整體以金色與白色為主的洛可可風(fēng)格的建筑上繪著許多顏色嬌妍艷麗的壁畫,立柱上的浮雕繁復(fù)而華麗,連穹頂上都精心雕刻著一些看起來像是在講述某個故事的、連成一片的浮雕。
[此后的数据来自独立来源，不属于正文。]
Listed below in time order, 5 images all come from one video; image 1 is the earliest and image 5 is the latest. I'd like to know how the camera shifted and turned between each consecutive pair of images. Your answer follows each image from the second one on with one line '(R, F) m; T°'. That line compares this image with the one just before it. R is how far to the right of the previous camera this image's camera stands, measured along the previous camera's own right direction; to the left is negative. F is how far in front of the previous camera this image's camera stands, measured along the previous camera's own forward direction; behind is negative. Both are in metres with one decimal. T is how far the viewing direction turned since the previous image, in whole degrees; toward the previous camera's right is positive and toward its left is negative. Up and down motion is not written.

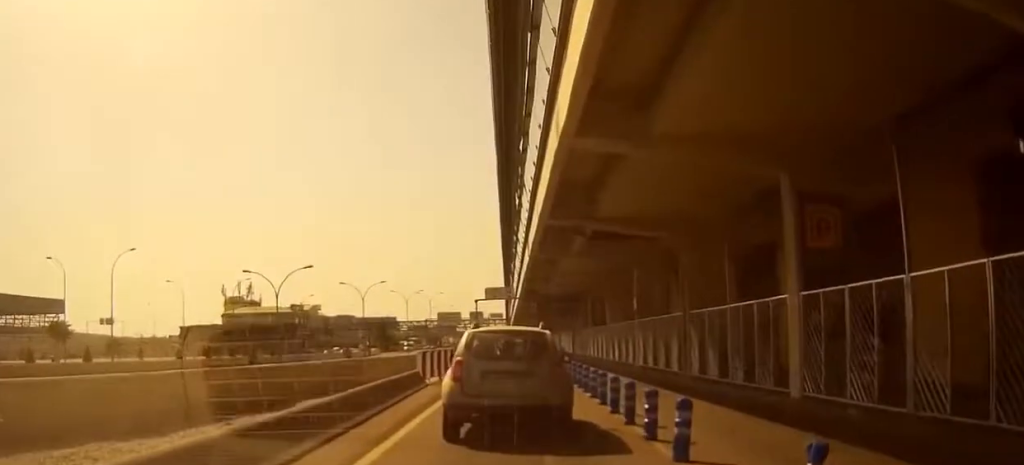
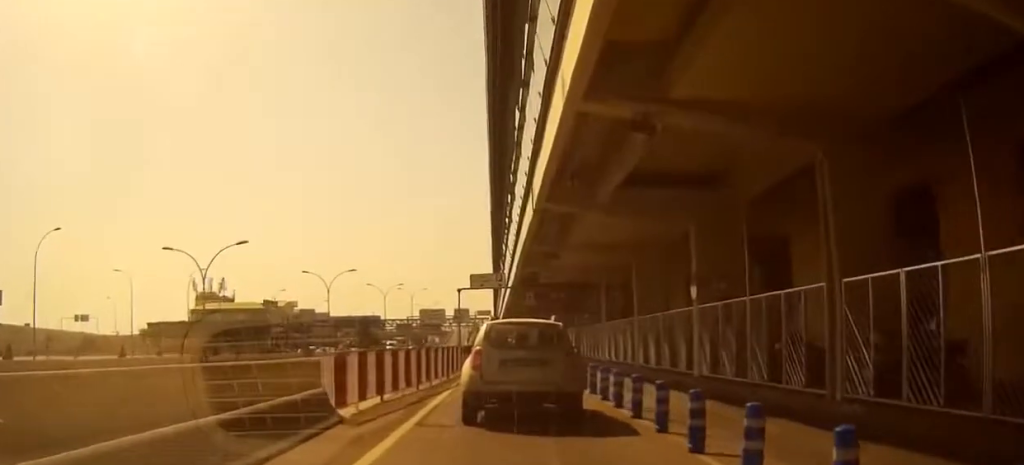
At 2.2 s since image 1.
(-0.6, +14.8) m; -4°
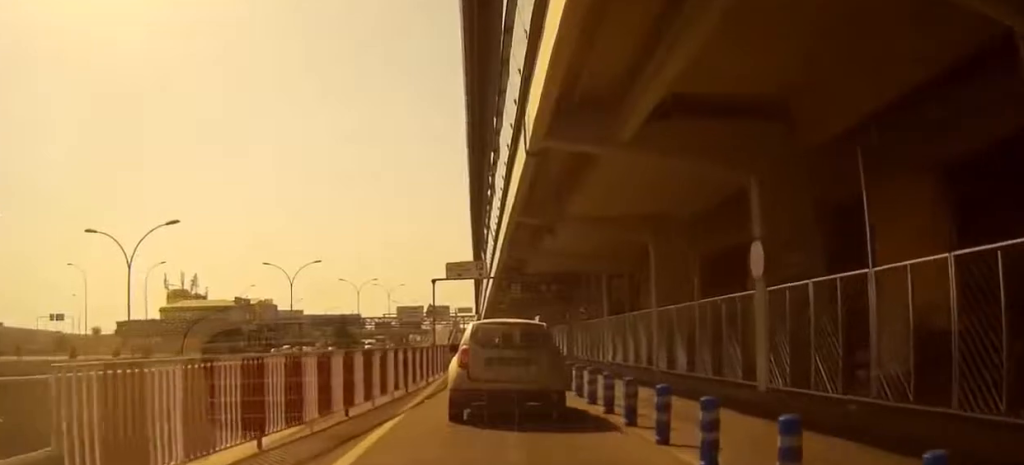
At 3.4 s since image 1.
(+0.3, +8.2) m; +1°
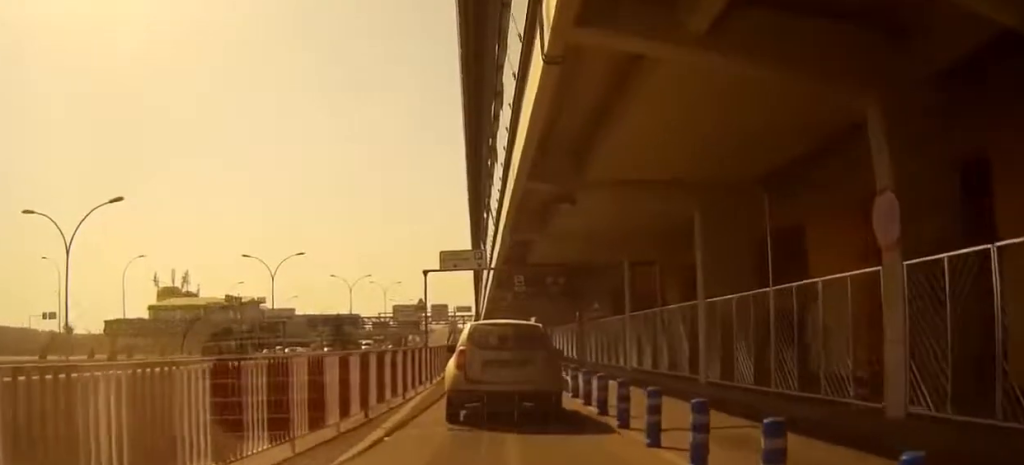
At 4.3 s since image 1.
(0.0, +6.1) m; -2°
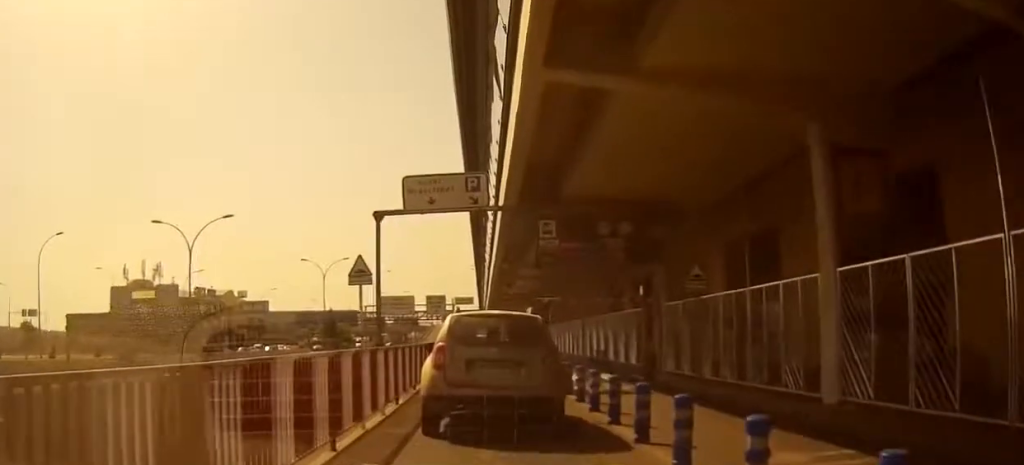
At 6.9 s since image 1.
(-0.5, +16.1) m; -1°

兩個冰雪可愛的小花童拎著花籃穿著西裝,笑得像兩個雪團子一樣跟在他們后邊。
小花童用力的撒著籃子里的花瓣,呼啦啦的落了兩個新人滿頭滿臉。
城堡入口到主廳的長長的廊道兩旁,站著諸多媒體與并沒能進入主廳的賓客和婚禮相關(guān)的工作人員——唱歌的、奏樂的、拍照的、撒花的,還有湊熱鬧的。
這一路走來,光是交響樂團就有三個。
楚秋和祁天瑞走在紅毯上,看起來簡直像是受到了夾道歡迎一樣。
他們終于踏入了主廳。
最后一個交響樂團坐在主廳的一角,賣力的吹奏著音樂。
楚姨、楚夏和祁家一家人分別坐在兩邊的首位上,正笑吟吟的看著他們緩步走來。
證婚人是祁家的一個長輩,這會兒站在主廳中央,滿臉慈愛。
婚禮的最終形式總是相去不遠。
他們再一次交換了戒指。
然后對彼此承諾了永恒。
“你們的婚禮被家人、朋友所承認,無人反對,現(xiàn)在我宣布——”證婚人在交響樂團奏樂的高潮時,高興的看著這對特殊的新人,揚聲道,“新人可以親吻了!”
“你以后可就是我的人了。”祁天瑞到底還是沒能控制住自己的緊張,他伸手環(huán)抱住楚秋,兩人貼得緊密而親近,“所有人都知道你是我的了。”